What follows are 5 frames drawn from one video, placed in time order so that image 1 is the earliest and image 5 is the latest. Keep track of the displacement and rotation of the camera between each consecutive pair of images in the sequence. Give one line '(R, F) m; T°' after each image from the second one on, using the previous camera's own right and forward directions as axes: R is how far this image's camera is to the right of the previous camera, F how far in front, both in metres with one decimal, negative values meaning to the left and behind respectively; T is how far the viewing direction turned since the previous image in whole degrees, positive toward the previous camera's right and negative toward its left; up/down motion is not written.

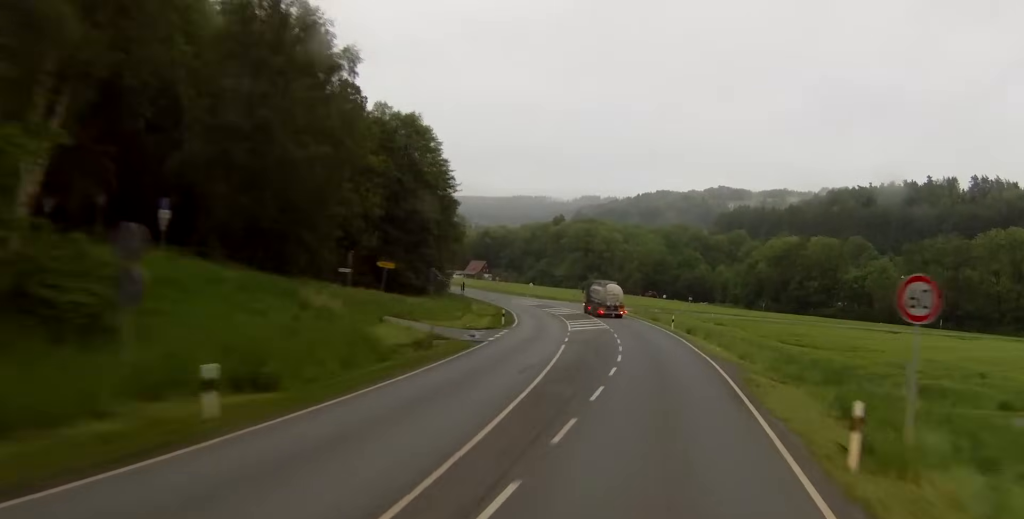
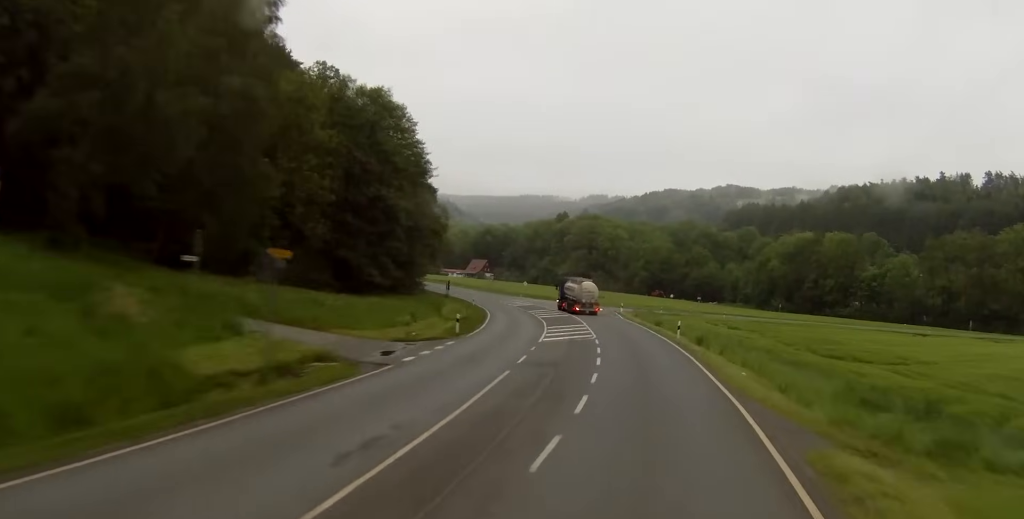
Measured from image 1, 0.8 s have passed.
(-0.1, +14.8) m; -1°
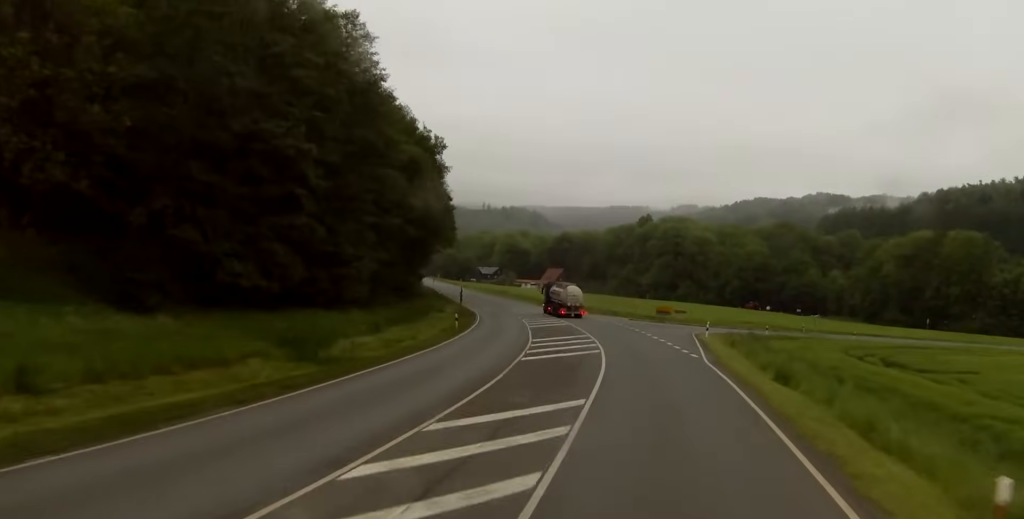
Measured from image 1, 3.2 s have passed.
(-2.3, +41.4) m; -6°
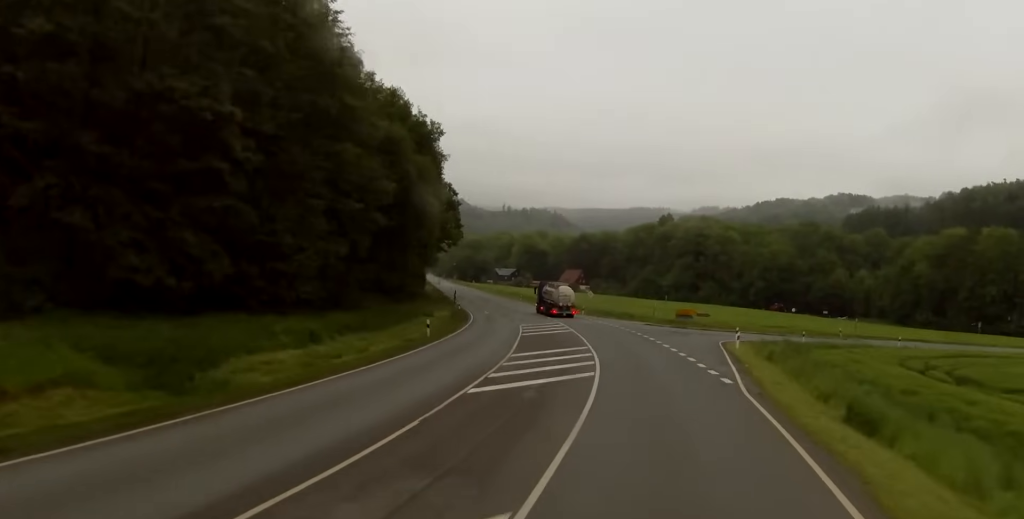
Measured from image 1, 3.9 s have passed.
(0.0, +11.4) m; 0°
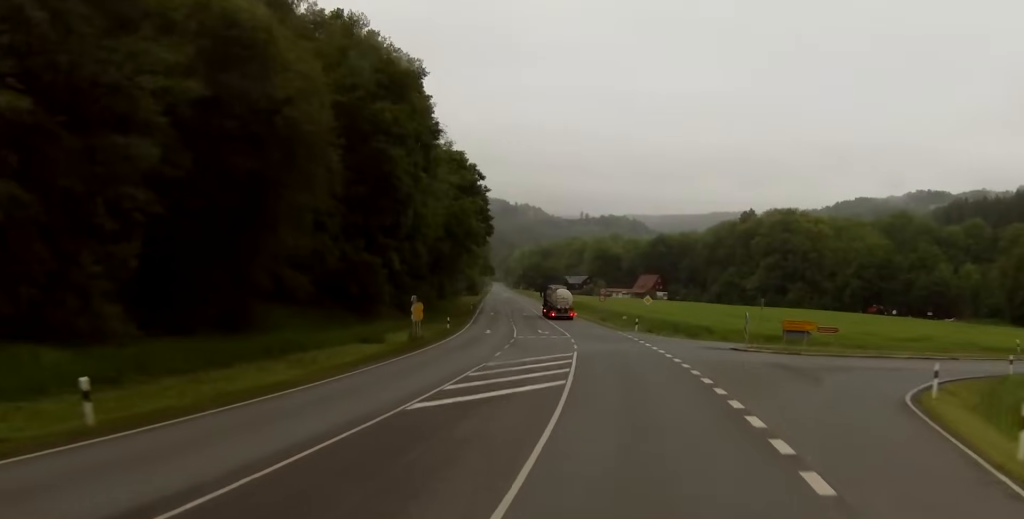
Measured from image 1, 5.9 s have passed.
(-1.2, +33.6) m; -6°

→ INSTRUCTIONS FOR THE TASK
Beginning with the line where "Measured from image 1, 3.2 s have passed." appears, reproduce every remaining line of the listing above, the last one included, but none of the pictures.

→ COMPLETED TASK
Measured from image 1, 3.2 s have passed.
(-2.3, +41.4) m; -6°
Measured from image 1, 3.9 s have passed.
(0.0, +11.4) m; 0°
Measured from image 1, 5.9 s have passed.
(-1.2, +33.6) m; -6°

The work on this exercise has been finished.